Task details
From the listing below, output the lines between the one with "Modality: T1w" and the one with "Nodule present: no", including those two, and nothing else. Pictures are not copied.

Input records
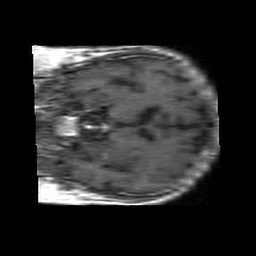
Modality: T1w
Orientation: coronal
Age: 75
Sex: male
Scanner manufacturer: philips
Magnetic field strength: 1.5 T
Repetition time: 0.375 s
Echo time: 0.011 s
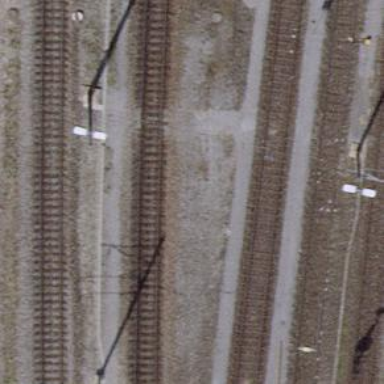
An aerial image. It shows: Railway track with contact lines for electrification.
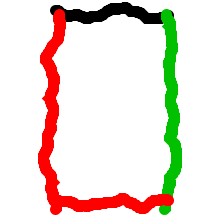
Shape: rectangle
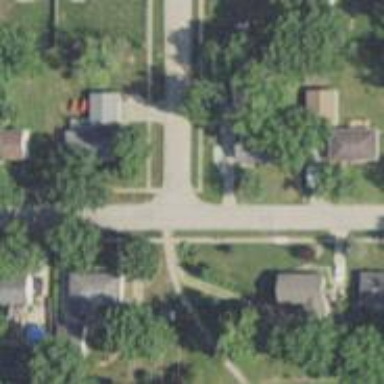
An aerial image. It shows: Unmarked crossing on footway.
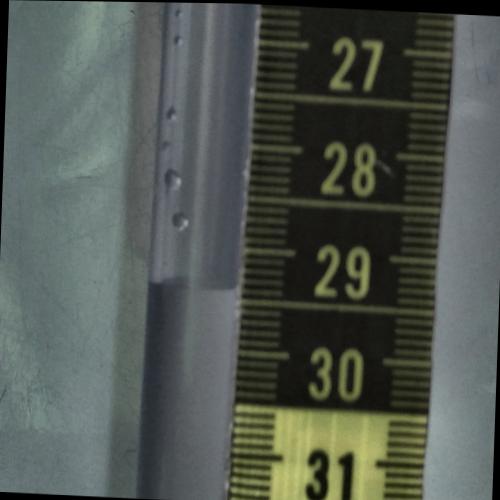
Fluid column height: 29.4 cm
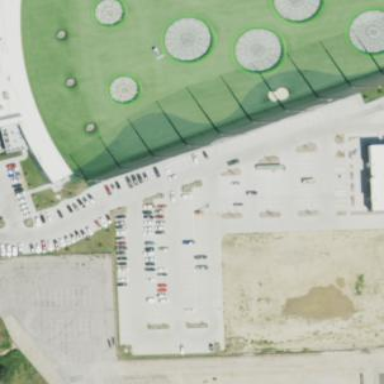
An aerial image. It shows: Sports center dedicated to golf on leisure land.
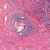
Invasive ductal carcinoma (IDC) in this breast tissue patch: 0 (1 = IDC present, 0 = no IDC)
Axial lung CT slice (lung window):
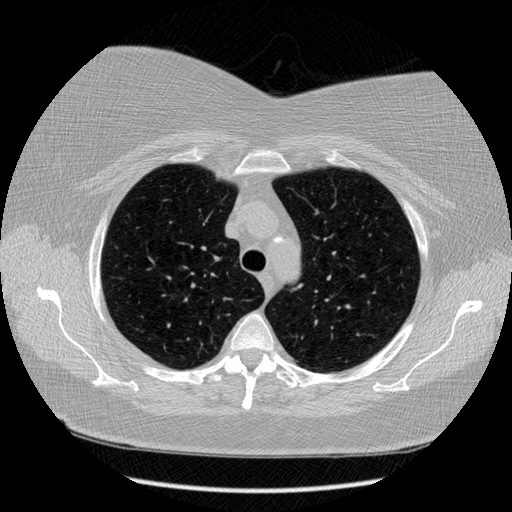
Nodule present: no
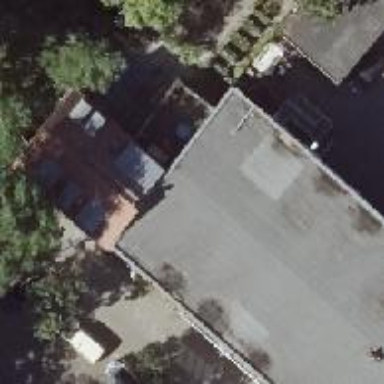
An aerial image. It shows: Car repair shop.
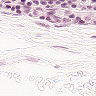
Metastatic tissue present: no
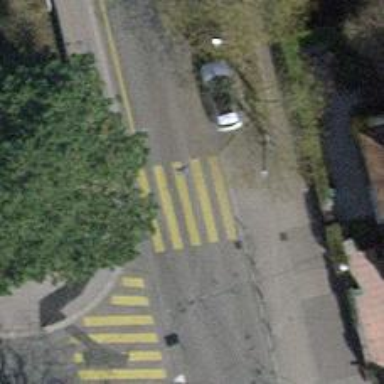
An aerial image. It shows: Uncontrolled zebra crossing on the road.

* * *

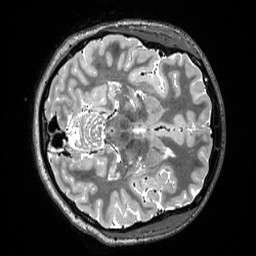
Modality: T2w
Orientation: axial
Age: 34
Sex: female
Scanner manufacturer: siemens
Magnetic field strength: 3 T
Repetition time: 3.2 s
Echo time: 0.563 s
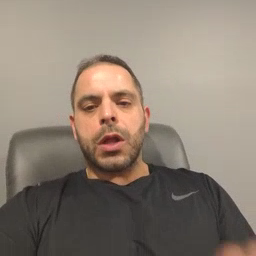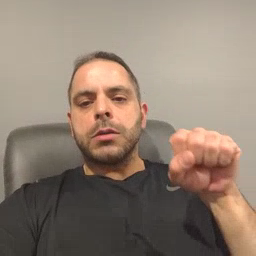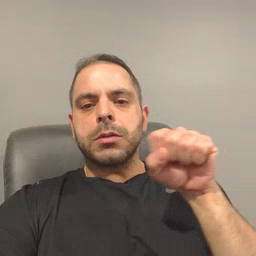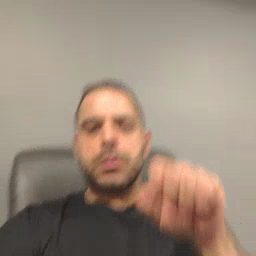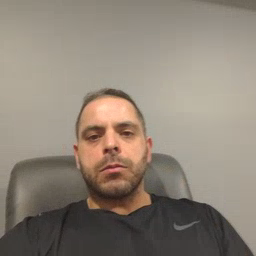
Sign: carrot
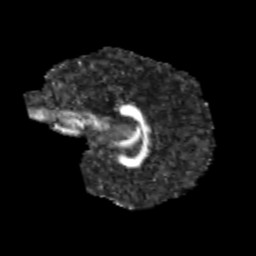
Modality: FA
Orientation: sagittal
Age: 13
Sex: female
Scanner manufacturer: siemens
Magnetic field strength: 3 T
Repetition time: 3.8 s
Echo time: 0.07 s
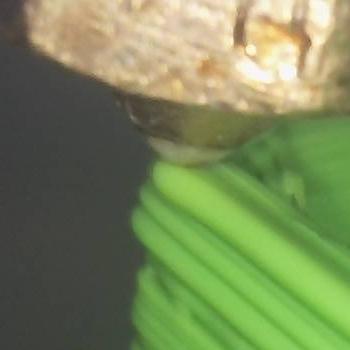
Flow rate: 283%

--

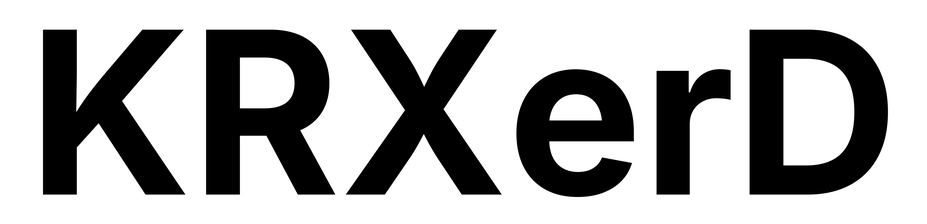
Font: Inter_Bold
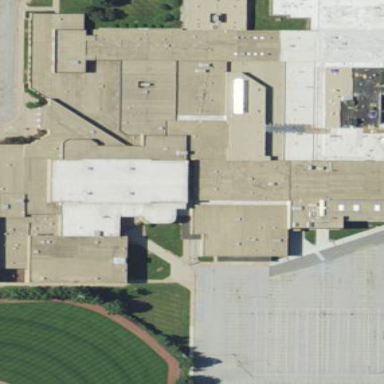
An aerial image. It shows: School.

Task solution
Modality: T1w
Orientation: coronal
Age: 75
Sex: male
Scanner manufacturer: philips
Magnetic field strength: 1.5 T
Repetition time: 0.375 s
Echo time: 0.011 s
An aerial image. It shows: Railway track with contact lines for electrification.
Shape: rectangle
An aerial image. It shows: Unmarked crossing on footway.
Fluid column height: 29.4 cm
An aerial image. It shows: Sports center dedicated to golf on leisure land.
Invasive ductal carcinoma (IDC) in this breast tissue patch: 0 (1 = IDC present, 0 = no IDC)
Axial lung CT slice (lung window):
Nodule present: no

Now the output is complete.